I have a little less than a month left here, depending on when I finally decide to leave. I’ve been putting it off. I can leave as early as July 5th, after which I’ll take classes at the state university in my town, and…then what? I know I can’t stay here, but I haven’t heard back from a single job (except for the one that told me that they would interview me if I were only in the States). I know that if it weren’t for my friends and my family here, my time in Korea would seem like a dream, so far removed is it from the region its promoters so optimistically name The Mountain South. I’m pretty distant from the Eastman Kodak plant here.

I have no problem going home as long as I have something new to which I can move on. I’m not ready for this to be the pinnacle of my life. I’m a little scared of how fast I’m afraid this experience is going to disappear from my life, but I might be more worried that once those shirts and dresses that were so beautiful here disappear, I’ll have nothing to hold in their place.



Tuesday, 4/29: in a school by the sea
April 29, 2008, 4:45 pm
Filed under: actual transcripts, life on Jeju, life progress, skool

Student haiku:

I like spring so much

There are lots of flowers

It is warm, dear.

Are you a student?

I think I am a student.

So, I must study.

See, I bet you didn’t even know that your heart was made of ice until you felt it melt. (Also, aren’t accurate syllable counts overrated?)

I was talking to Scooter today for the first time in a while and describing my current jobless plight, and he reminded me that I live on a gorgeous island where the weather is really nice right now, which is true. I just need to get this stuff out so I can stop worrying about it. Of course, if I just relax and don’t send off any cover letters, I will never get a job, because no one will know I want one.

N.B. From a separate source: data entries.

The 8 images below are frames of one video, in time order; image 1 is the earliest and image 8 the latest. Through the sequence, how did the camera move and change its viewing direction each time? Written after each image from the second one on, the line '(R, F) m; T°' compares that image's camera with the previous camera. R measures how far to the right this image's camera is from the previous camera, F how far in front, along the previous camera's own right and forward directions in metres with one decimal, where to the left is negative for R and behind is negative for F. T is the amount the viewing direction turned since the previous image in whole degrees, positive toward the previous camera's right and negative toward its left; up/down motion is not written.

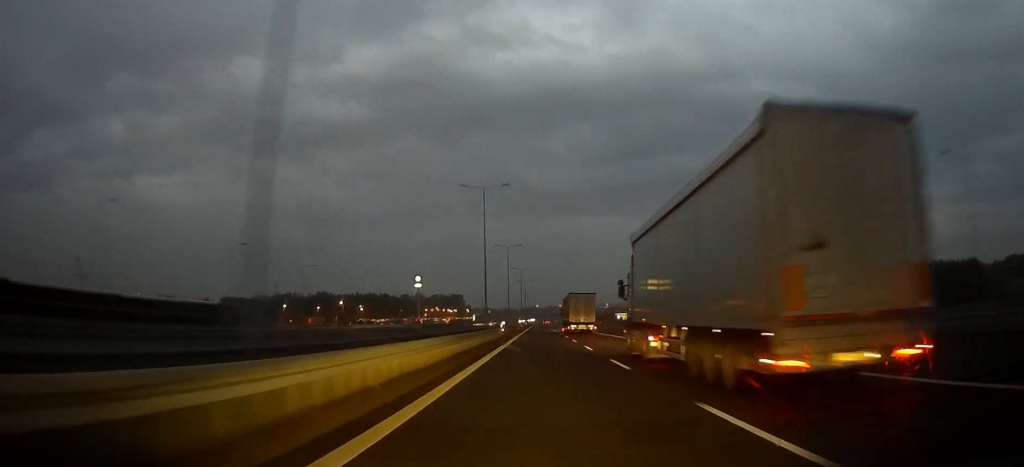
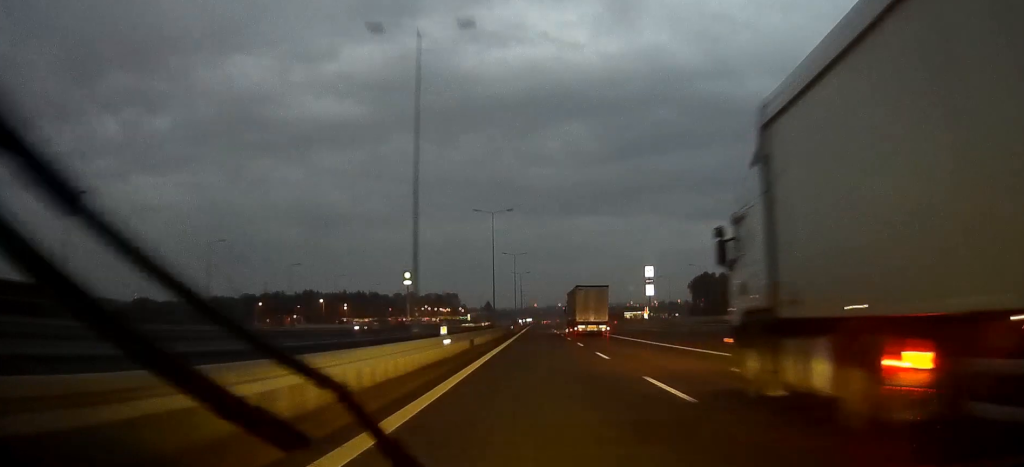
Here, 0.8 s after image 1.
(0.0, +24.1) m; 0°
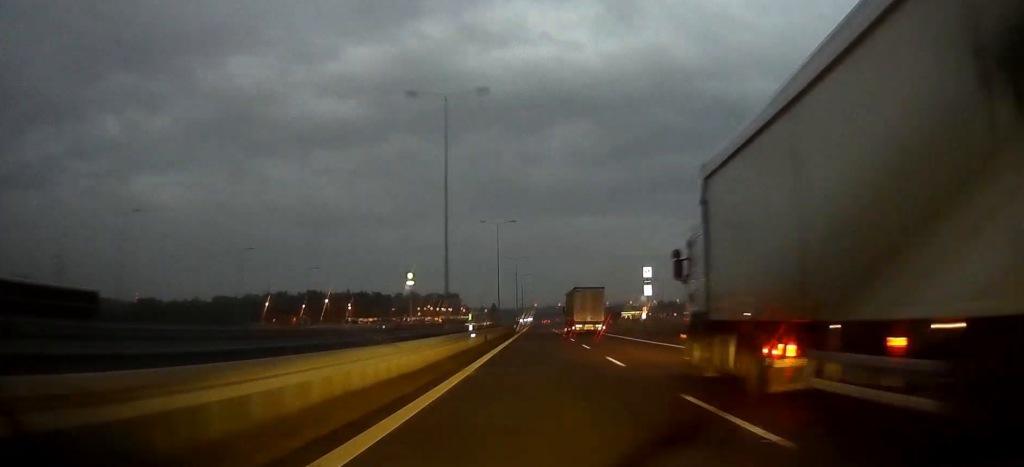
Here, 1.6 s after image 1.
(0.0, +27.8) m; 0°
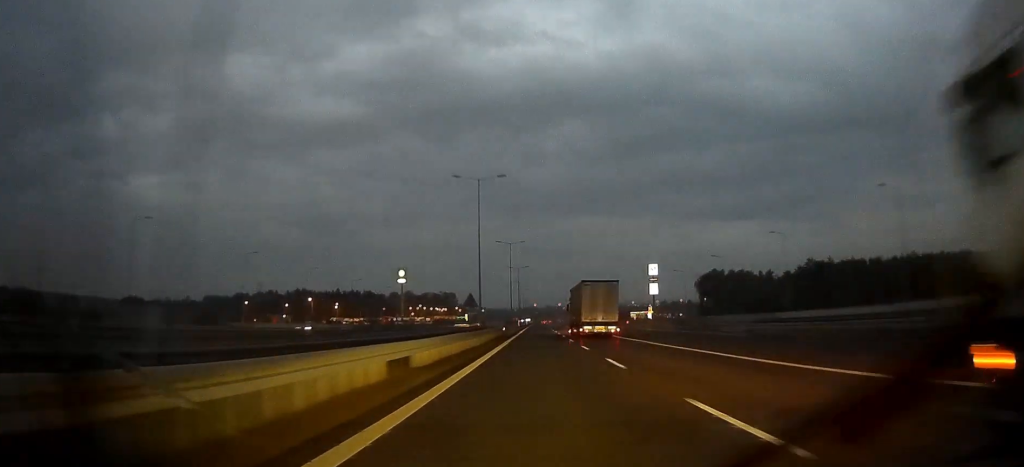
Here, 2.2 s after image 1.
(0.0, +23.0) m; 0°
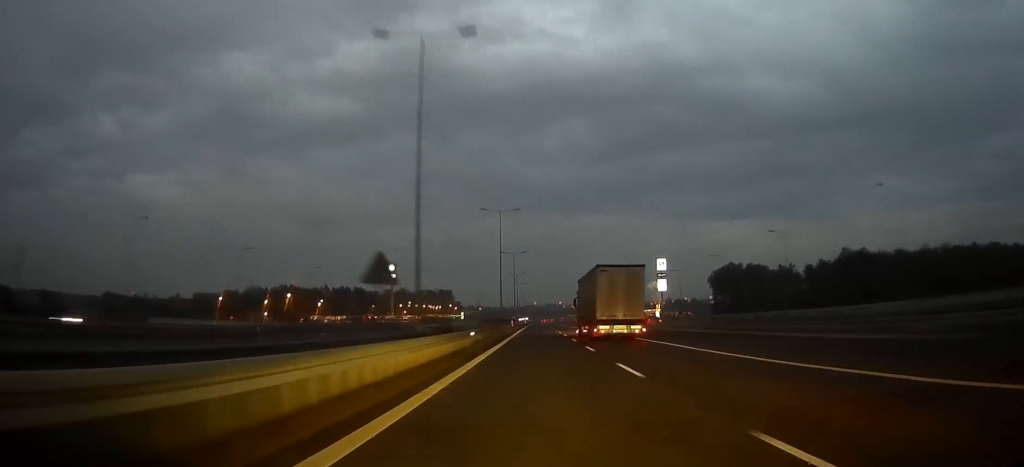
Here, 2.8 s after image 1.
(0.0, +26.3) m; 0°
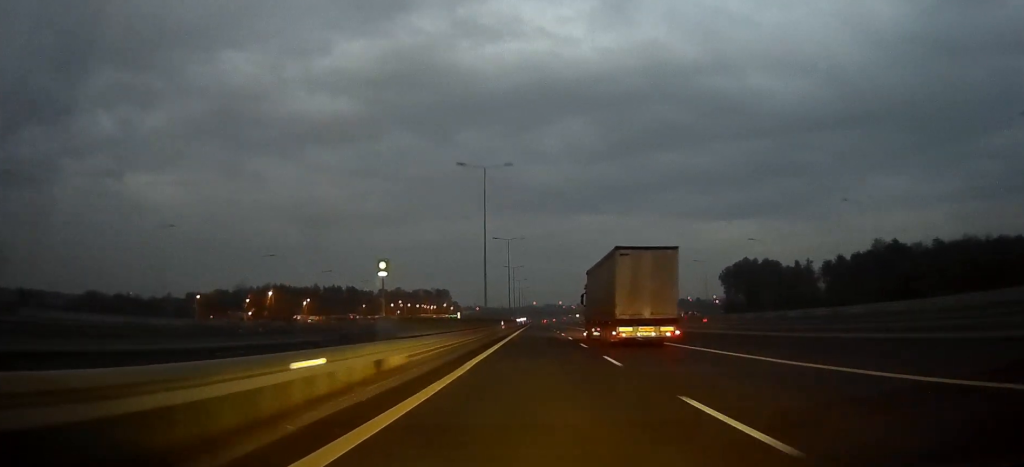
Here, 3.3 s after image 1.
(0.0, +20.3) m; 0°
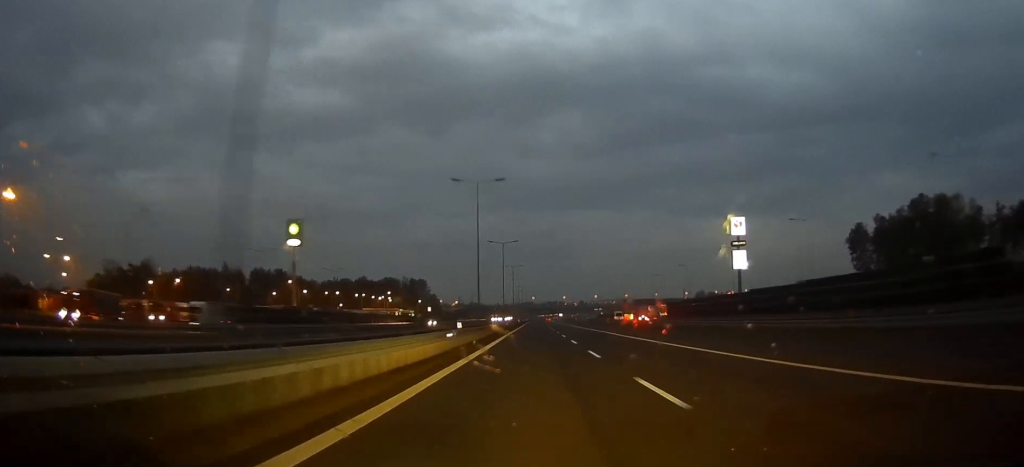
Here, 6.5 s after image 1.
(+0.1, +130.8) m; 0°
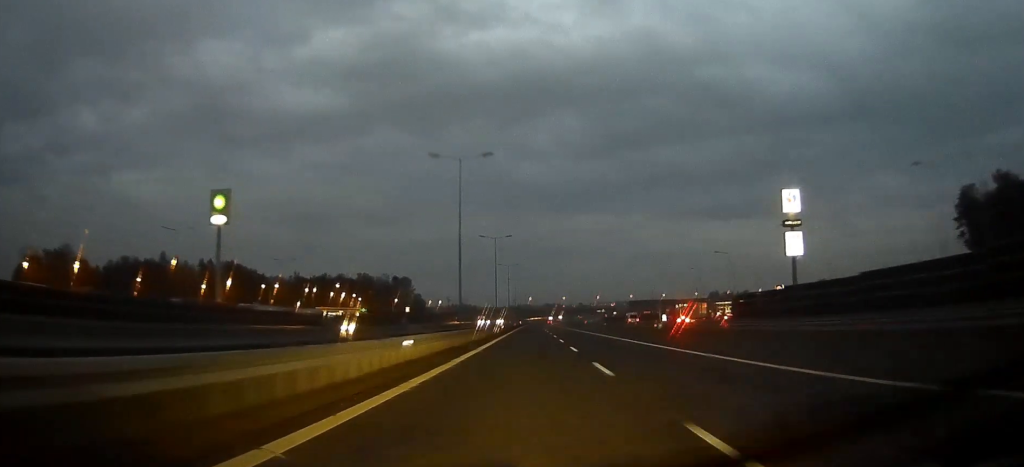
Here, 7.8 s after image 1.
(+1.6, +54.3) m; +4°

It is a nice time to live here. I just need to remember that. The Green Eggs and Ham lesson went surprisingly badly, but because my Tuesday kids are so far ahead, I don’t really have to worry about it for a while. Meanwhile, Oregon is coming to watch my kids haiku it up tomorrow, and I’m quite excited.



Thursday, 3/6: I just want some trail mix
March 6, 2008, 2:38 pm
Filed under: U S of A, host mom, host sister, life on Jeju, life progress, pipe dreams, the future

The first thing I should establish here is that I’m not going to grad school next year.

To be fair, Columbia’s rejection letter was really nice - they think my academic credentials are stellar, they encourage less than 5% of their applicants to reapply but they really want to see me again, I just need to get some more work experience, blah blah blah. And as Miguk Oma says, they certainly didn’t have to write all of that.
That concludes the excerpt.